## Goal of the exercise
Please return all of the entries below exactly as they are written.

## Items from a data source
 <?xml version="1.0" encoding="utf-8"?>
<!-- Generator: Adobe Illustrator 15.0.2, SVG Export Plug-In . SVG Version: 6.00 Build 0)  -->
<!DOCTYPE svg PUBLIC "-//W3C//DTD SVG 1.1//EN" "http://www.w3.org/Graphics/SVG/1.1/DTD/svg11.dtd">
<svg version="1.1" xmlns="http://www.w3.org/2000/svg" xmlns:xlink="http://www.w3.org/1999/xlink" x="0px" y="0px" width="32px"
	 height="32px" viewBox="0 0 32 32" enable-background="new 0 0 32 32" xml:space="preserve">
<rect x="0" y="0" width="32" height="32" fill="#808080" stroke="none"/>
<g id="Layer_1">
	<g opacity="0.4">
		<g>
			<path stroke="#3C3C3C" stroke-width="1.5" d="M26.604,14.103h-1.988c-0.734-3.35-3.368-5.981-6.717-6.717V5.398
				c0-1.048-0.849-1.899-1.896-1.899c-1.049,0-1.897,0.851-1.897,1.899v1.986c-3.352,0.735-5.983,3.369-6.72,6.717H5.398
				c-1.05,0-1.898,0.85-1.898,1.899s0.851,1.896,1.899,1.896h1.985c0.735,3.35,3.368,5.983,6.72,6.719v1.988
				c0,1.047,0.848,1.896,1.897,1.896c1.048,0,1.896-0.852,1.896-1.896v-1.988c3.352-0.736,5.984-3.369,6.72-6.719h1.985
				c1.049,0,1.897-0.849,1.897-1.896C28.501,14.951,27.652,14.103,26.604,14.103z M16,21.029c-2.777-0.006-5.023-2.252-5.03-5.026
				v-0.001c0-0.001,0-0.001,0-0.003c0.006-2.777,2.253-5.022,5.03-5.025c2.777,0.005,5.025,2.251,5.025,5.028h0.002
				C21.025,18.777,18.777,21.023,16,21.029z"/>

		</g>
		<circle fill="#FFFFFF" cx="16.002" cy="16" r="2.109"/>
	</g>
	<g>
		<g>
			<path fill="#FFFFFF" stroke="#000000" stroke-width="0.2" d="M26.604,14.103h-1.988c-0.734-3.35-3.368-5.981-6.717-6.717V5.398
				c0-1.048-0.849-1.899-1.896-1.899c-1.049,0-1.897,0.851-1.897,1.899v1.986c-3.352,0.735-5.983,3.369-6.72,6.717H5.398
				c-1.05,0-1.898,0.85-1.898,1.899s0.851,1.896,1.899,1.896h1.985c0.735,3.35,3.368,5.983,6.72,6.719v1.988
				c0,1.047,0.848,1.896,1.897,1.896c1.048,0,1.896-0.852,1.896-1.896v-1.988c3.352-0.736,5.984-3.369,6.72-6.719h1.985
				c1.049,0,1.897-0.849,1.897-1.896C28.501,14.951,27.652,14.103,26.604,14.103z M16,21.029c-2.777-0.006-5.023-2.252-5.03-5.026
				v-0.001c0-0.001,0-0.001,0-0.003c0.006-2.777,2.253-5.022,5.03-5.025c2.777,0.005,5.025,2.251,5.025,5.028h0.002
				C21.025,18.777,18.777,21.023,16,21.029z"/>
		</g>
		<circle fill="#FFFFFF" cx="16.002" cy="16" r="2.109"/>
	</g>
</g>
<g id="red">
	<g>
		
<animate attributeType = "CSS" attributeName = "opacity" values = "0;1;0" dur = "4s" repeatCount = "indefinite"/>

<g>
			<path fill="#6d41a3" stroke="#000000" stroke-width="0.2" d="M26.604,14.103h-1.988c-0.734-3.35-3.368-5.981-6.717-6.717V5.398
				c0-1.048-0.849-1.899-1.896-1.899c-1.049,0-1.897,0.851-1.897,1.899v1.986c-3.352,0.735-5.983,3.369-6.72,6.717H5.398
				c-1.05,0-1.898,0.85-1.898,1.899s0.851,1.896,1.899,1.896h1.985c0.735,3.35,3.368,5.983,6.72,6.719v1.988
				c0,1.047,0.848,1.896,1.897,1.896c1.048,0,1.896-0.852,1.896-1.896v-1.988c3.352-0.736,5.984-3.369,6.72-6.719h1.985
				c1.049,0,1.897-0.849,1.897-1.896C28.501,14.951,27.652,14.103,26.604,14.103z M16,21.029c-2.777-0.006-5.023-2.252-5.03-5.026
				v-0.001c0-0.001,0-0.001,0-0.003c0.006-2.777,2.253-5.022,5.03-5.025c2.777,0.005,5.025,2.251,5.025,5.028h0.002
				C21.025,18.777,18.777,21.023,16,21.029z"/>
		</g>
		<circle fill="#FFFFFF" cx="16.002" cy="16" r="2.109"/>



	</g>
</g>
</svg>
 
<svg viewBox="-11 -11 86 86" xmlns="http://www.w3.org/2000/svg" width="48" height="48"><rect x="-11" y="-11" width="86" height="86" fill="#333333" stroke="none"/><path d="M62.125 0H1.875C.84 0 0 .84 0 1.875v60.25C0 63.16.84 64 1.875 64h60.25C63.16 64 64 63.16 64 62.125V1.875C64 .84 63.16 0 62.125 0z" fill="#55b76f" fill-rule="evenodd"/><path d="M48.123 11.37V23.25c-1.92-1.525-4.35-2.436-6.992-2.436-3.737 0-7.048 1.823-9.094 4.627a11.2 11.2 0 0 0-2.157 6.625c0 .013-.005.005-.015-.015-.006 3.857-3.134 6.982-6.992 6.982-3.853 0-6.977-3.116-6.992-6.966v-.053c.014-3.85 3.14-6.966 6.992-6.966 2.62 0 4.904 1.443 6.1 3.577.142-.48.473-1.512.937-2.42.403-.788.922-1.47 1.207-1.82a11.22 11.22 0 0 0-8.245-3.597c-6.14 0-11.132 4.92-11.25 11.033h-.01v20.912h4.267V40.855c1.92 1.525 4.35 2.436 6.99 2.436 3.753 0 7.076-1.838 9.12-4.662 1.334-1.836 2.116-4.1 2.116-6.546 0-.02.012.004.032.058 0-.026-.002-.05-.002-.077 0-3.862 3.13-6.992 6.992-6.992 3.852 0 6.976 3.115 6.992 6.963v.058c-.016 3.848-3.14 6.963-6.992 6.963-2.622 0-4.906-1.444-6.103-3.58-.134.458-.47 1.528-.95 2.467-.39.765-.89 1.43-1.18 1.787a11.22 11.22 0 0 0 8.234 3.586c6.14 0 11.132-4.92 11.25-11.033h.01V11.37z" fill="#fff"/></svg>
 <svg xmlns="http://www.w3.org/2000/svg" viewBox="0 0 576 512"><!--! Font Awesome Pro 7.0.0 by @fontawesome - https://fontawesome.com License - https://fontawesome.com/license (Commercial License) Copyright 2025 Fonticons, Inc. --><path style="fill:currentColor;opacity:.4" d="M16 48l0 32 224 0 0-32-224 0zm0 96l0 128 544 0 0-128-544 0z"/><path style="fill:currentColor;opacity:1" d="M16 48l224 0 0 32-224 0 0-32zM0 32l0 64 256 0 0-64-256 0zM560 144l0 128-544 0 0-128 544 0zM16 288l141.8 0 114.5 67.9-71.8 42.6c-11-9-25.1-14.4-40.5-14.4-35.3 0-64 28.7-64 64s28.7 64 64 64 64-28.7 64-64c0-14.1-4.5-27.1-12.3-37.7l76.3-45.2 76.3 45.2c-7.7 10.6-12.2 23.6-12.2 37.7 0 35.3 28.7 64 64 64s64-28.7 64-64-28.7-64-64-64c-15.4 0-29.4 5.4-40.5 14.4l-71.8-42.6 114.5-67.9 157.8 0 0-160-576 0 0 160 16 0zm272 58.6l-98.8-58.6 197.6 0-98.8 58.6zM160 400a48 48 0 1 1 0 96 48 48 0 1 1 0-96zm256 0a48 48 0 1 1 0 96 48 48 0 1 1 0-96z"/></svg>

## Written answer
 <?xml version="1.0" encoding="utf-8"?>
<!-- Generator: Adobe Illustrator 15.0.2, SVG Export Plug-In . SVG Version: 6.00 Build 0)  -->
<!DOCTYPE svg PUBLIC "-//W3C//DTD SVG 1.1//EN" "http://www.w3.org/Graphics/SVG/1.1/DTD/svg11.dtd">
<svg version="1.1" xmlns="http://www.w3.org/2000/svg" xmlns:xlink="http://www.w3.org/1999/xlink" x="0px" y="0px" width="32px"
	 height="32px" viewBox="0 0 32 32" enable-background="new 0 0 32 32" xml:space="preserve">
<rect x="0" y="0" width="32" height="32" fill="#808080" stroke="none"/>
<g id="Layer_1">
	<g opacity="0.4">
		<g>
			<path stroke="#3C3C3C" stroke-width="1.5" d="M26.604,14.103h-1.988c-0.734-3.35-3.368-5.981-6.717-6.717V5.398
				c0-1.048-0.849-1.899-1.896-1.899c-1.049,0-1.897,0.851-1.897,1.899v1.986c-3.352,0.735-5.983,3.369-6.72,6.717H5.398
				c-1.05,0-1.898,0.85-1.898,1.899s0.851,1.896,1.899,1.896h1.985c0.735,3.35,3.368,5.983,6.72,6.719v1.988
				c0,1.047,0.848,1.896,1.897,1.896c1.048,0,1.896-0.852,1.896-1.896v-1.988c3.352-0.736,5.984-3.369,6.72-6.719h1.985
				c1.049,0,1.897-0.849,1.897-1.896C28.501,14.951,27.652,14.103,26.604,14.103z M16,21.029c-2.777-0.006-5.023-2.252-5.03-5.026
				v-0.001c0-0.001,0-0.001,0-0.003c0.006-2.777,2.253-5.022,5.03-5.025c2.777,0.005,5.025,2.251,5.025,5.028h0.002
				C21.025,18.777,18.777,21.023,16,21.029z"/>

		</g>
		<circle fill="#FFFFFF" cx="16.002" cy="16" r="2.109"/>
	</g>
	<g>
		<g>
			<path fill="#FFFFFF" stroke="#000000" stroke-width="0.2" d="M26.604,14.103h-1.988c-0.734-3.35-3.368-5.981-6.717-6.717V5.398
				c0-1.048-0.849-1.899-1.896-1.899c-1.049,0-1.897,0.851-1.897,1.899v1.986c-3.352,0.735-5.983,3.369-6.72,6.717H5.398
				c-1.05,0-1.898,0.85-1.898,1.899s0.851,1.896,1.899,1.896h1.985c0.735,3.35,3.368,5.983,6.72,6.719v1.988
				c0,1.047,0.848,1.896,1.897,1.896c1.048,0,1.896-0.852,1.896-1.896v-1.988c3.352-0.736,5.984-3.369,6.72-6.719h1.985
				c1.049,0,1.897-0.849,1.897-1.896C28.501,14.951,27.652,14.103,26.604,14.103z M16,21.029c-2.777-0.006-5.023-2.252-5.03-5.026
				v-0.001c0-0.001,0-0.001,0-0.003c0.006-2.777,2.253-5.022,5.03-5.025c2.777,0.005,5.025,2.251,5.025,5.028h0.002
				C21.025,18.777,18.777,21.023,16,21.029z"/>
		</g>
		<circle fill="#FFFFFF" cx="16.002" cy="16" r="2.109"/>
	</g>
</g>
<g id="red">
	<g>
		
<animate attributeType = "CSS" attributeName = "opacity" values = "0;1;0" dur = "4s" repeatCount = "indefinite"/>

<g>
			<path fill="#6d41a3" stroke="#000000" stroke-width="0.2" d="M26.604,14.103h-1.988c-0.734-3.35-3.368-5.981-6.717-6.717V5.398
				c0-1.048-0.849-1.899-1.896-1.899c-1.049,0-1.897,0.851-1.897,1.899v1.986c-3.352,0.735-5.983,3.369-6.72,6.717H5.398
				c-1.05,0-1.898,0.85-1.898,1.899s0.851,1.896,1.899,1.896h1.985c0.735,3.35,3.368,5.983,6.72,6.719v1.988
				c0,1.047,0.848,1.896,1.897,1.896c1.048,0,1.896-0.852,1.896-1.896v-1.988c3.352-0.736,5.984-3.369,6.72-6.719h1.985
				c1.049,0,1.897-0.849,1.897-1.896C28.501,14.951,27.652,14.103,26.604,14.103z M16,21.029c-2.777-0.006-5.023-2.252-5.03-5.026
				v-0.001c0-0.001,0-0.001,0-0.003c0.006-2.777,2.253-5.022,5.03-5.025c2.777,0.005,5.025,2.251,5.025,5.028h0.002
				C21.025,18.777,18.777,21.023,16,21.029z"/>
		</g>
		<circle fill="#FFFFFF" cx="16.002" cy="16" r="2.109"/>



	</g>
</g>
</svg>
 
<svg viewBox="-11 -11 86 86" xmlns="http://www.w3.org/2000/svg" width="48" height="48"><rect x="-11" y="-11" width="86" height="86" fill="#333333" stroke="none"/><path d="M62.125 0H1.875C.84 0 0 .84 0 1.875v60.25C0 63.16.84 64 1.875 64h60.25C63.16 64 64 63.16 64 62.125V1.875C64 .84 63.16 0 62.125 0z" fill="#55b76f" fill-rule="evenodd"/><path d="M48.123 11.37V23.25c-1.92-1.525-4.35-2.436-6.992-2.436-3.737 0-7.048 1.823-9.094 4.627a11.2 11.2 0 0 0-2.157 6.625c0 .013-.005.005-.015-.015-.006 3.857-3.134 6.982-6.992 6.982-3.853 0-6.977-3.116-6.992-6.966v-.053c.014-3.85 3.14-6.966 6.992-6.966 2.62 0 4.904 1.443 6.1 3.577.142-.48.473-1.512.937-2.42.403-.788.922-1.47 1.207-1.82a11.22 11.22 0 0 0-8.245-3.597c-6.14 0-11.132 4.92-11.25 11.033h-.01v20.912h4.267V40.855c1.92 1.525 4.35 2.436 6.99 2.436 3.753 0 7.076-1.838 9.12-4.662 1.334-1.836 2.116-4.1 2.116-6.546 0-.02.012.004.032.058 0-.026-.002-.05-.002-.077 0-3.862 3.13-6.992 6.992-6.992 3.852 0 6.976 3.115 6.992 6.963v.058c-.016 3.848-3.14 6.963-6.992 6.963-2.622 0-4.906-1.444-6.103-3.58-.134.458-.47 1.528-.95 2.467-.39.765-.89 1.43-1.18 1.787a11.22 11.22 0 0 0 8.234 3.586c6.14 0 11.132-4.92 11.25-11.033h.01V11.37z" fill="#fff"/></svg>
 <svg xmlns="http://www.w3.org/2000/svg" viewBox="0 0 576 512"><!--! Font Awesome Pro 7.0.0 by @fontawesome - https://fontawesome.com License - https://fontawesome.com/license (Commercial License) Copyright 2025 Fonticons, Inc. --><path style="fill:currentColor;opacity:.4" d="M16 48l0 32 224 0 0-32-224 0zm0 96l0 128 544 0 0-128-544 0z"/><path style="fill:currentColor;opacity:1" d="M16 48l224 0 0 32-224 0 0-32zM0 32l0 64 256 0 0-64-256 0zM560 144l0 128-544 0 0-128 544 0zM16 288l141.8 0 114.5 67.9-71.8 42.6c-11-9-25.1-14.4-40.5-14.4-35.3 0-64 28.7-64 64s28.7 64 64 64 64-28.7 64-64c0-14.1-4.5-27.1-12.3-37.7l76.3-45.2 76.3 45.2c-7.7 10.6-12.2 23.6-12.2 37.7 0 35.3 28.7 64 64 64s64-28.7 64-64-28.7-64-64-64c-15.4 0-29.4 5.4-40.5 14.4l-71.8-42.6 114.5-67.9 157.8 0 0-160-576 0 0 160 16 0zm272 58.6l-98.8-58.6 197.6 0-98.8 58.6zM160 400a48 48 0 1 1 0 96 48 48 0 1 1 0-96zm256 0a48 48 0 1 1 0 96 48 48 0 1 1 0-96z"/></svg>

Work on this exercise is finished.